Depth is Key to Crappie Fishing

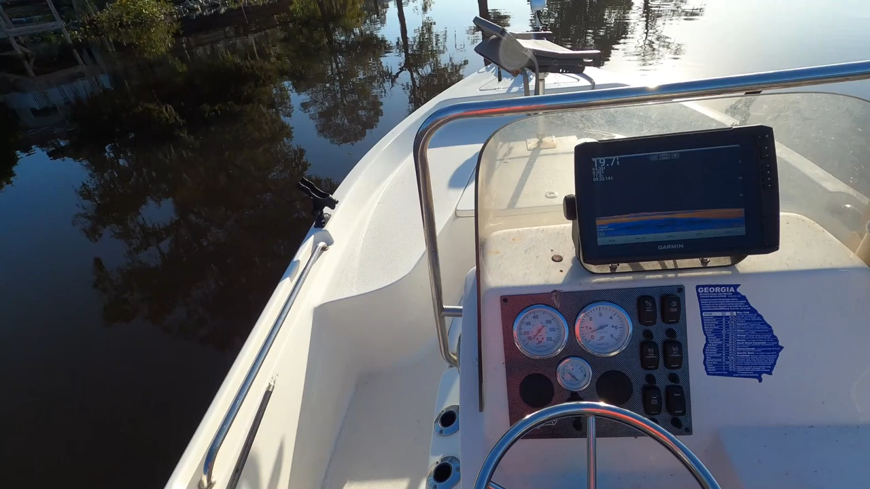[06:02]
62 something like that when i looked at it earlier
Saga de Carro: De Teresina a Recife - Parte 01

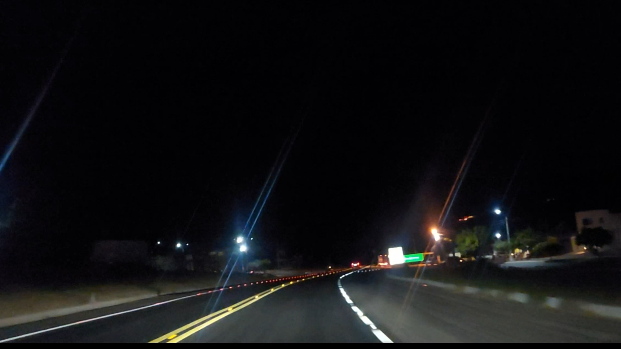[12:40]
Aqui é a entrada de Dom Expedito Lopes. Estamos chegando em Picos, viu? Reduzir aqui para não tomar aquela velha multa. É, galera. Tem um redutorzinho aqui, é a entrada de Dom Expedito Lopes. Tem alguém de Dom Expedito aí no canal?
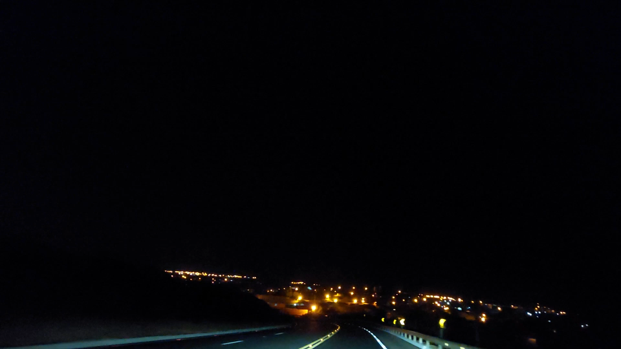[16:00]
De diminuir velocidade para não pegar pela velha multa. Tem o redutor aí na frente, a lombada eletrônica de 60 km. Tá aí, ó, olha que lindo a entrada.
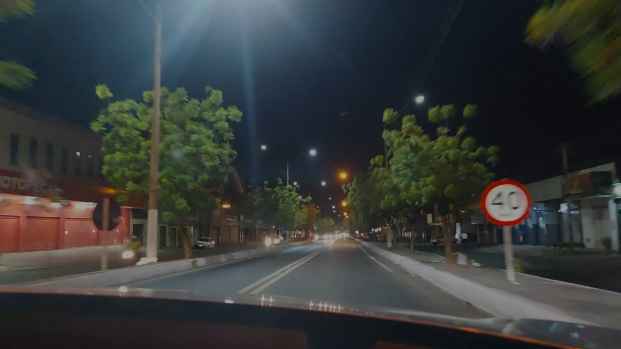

* Work to complete
The preceding listing is to be restated word for word, with every picture omitted.

* Problem solution
Depth is Key to Crappie Fishing

[06:02]
62 something like that when i looked at it earlier
Saga de Carro: De Teresina a Recife - Parte 01

[12:40]
Aqui é a entrada de Dom Expedito Lopes. Estamos chegando em Picos, viu? Reduzir aqui para não tomar aquela velha multa. É, galera. Tem um redutorzinho aqui, é a entrada de Dom Expedito Lopes. Tem alguém de Dom Expedito aí no canal?
[16:00]
De diminuir velocidade para não pegar pela velha multa. Tem o redutor aí na frente, a lombada eletrônica de 60 km. Tá aí, ó, olha que lindo a entrada.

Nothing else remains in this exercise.